[Exercise materials Boundary: Start]

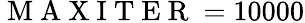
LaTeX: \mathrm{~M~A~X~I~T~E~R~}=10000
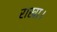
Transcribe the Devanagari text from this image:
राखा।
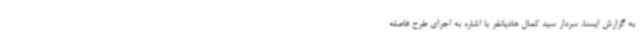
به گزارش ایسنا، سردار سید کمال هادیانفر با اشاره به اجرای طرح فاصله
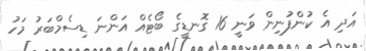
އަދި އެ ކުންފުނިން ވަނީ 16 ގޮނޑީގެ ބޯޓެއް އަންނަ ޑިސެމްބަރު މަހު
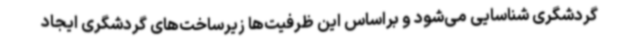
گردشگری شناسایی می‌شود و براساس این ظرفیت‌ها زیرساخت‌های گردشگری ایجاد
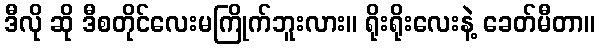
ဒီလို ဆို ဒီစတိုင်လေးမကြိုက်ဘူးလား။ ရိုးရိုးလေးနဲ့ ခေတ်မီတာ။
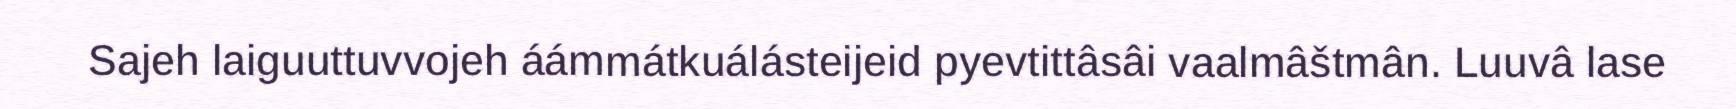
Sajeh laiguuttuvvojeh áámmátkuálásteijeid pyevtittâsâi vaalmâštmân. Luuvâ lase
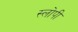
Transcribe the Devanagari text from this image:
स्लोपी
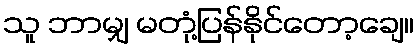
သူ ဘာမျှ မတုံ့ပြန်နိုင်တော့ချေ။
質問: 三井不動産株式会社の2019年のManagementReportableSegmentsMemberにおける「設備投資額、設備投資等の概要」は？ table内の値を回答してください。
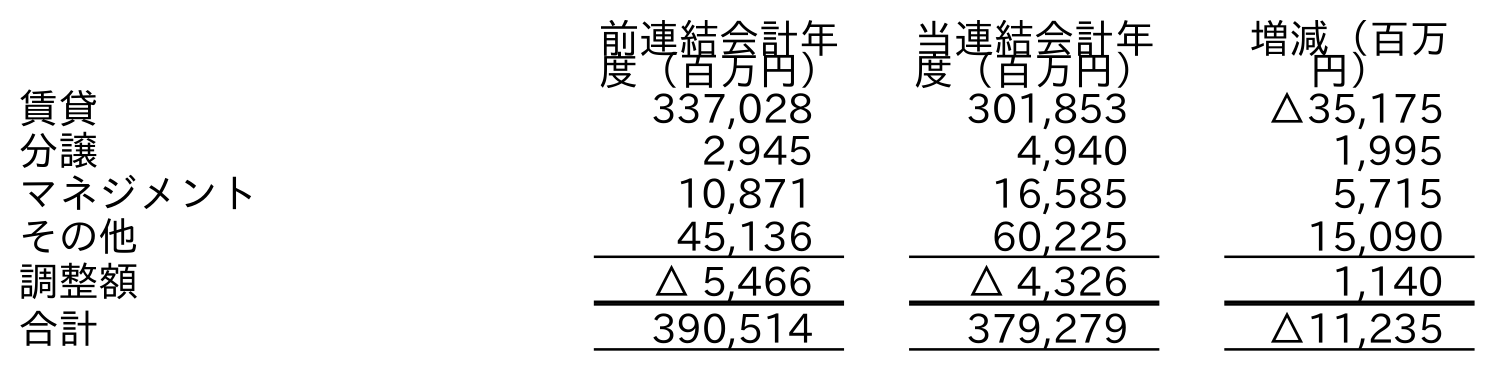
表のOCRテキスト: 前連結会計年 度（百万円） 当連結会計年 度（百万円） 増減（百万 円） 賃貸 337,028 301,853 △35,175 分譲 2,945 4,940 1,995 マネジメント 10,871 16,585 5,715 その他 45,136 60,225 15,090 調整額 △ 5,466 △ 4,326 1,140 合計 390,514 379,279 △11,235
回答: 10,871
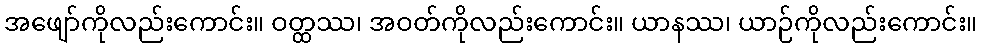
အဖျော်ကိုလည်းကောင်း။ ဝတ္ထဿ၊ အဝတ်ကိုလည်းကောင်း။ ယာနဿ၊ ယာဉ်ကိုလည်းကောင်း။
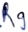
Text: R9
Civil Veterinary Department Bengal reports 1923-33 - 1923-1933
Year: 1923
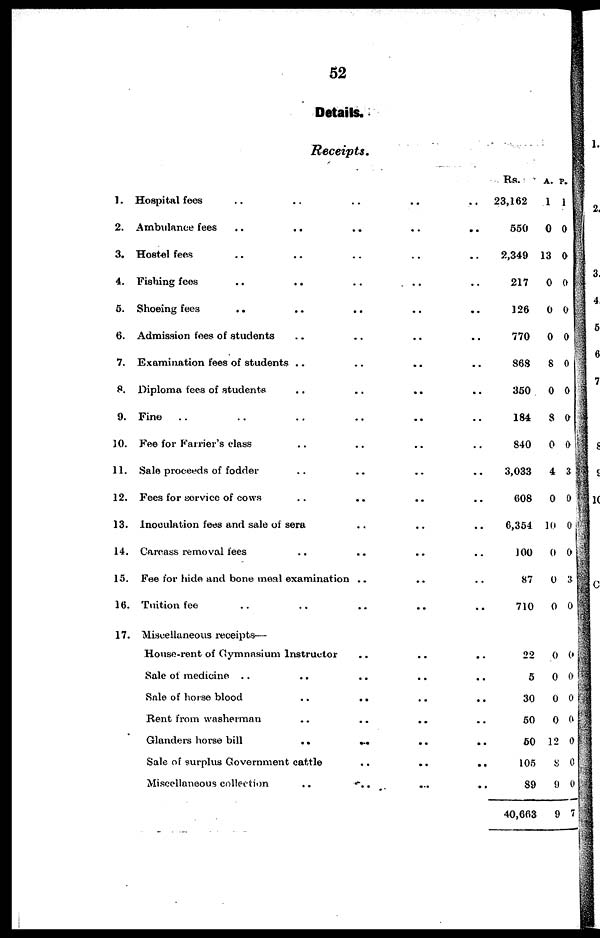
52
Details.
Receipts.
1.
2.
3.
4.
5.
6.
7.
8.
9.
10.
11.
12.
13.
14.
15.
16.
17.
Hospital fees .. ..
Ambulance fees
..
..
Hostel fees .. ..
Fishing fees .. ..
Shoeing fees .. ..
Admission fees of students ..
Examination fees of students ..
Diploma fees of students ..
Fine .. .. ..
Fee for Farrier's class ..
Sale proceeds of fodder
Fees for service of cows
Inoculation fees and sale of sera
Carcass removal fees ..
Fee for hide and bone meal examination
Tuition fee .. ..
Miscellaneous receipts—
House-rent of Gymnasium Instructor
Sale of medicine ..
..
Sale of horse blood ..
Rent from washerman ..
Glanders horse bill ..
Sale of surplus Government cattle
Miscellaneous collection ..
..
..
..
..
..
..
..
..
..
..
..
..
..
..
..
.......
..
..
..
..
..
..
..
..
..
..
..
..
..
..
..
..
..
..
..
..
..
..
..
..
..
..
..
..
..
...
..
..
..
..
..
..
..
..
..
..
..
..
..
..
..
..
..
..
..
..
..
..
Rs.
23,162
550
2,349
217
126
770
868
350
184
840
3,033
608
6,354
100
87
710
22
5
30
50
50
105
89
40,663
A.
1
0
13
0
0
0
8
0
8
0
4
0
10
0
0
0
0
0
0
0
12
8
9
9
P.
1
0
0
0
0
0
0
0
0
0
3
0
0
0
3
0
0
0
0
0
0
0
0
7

[Exercise materials Boundary: End]

**Goal of the exercise**
Your answer should be every line above that contains the word "Miscellaneous".

**Final answer**
Miscellaneous receipts—
Miscellaneous collection ..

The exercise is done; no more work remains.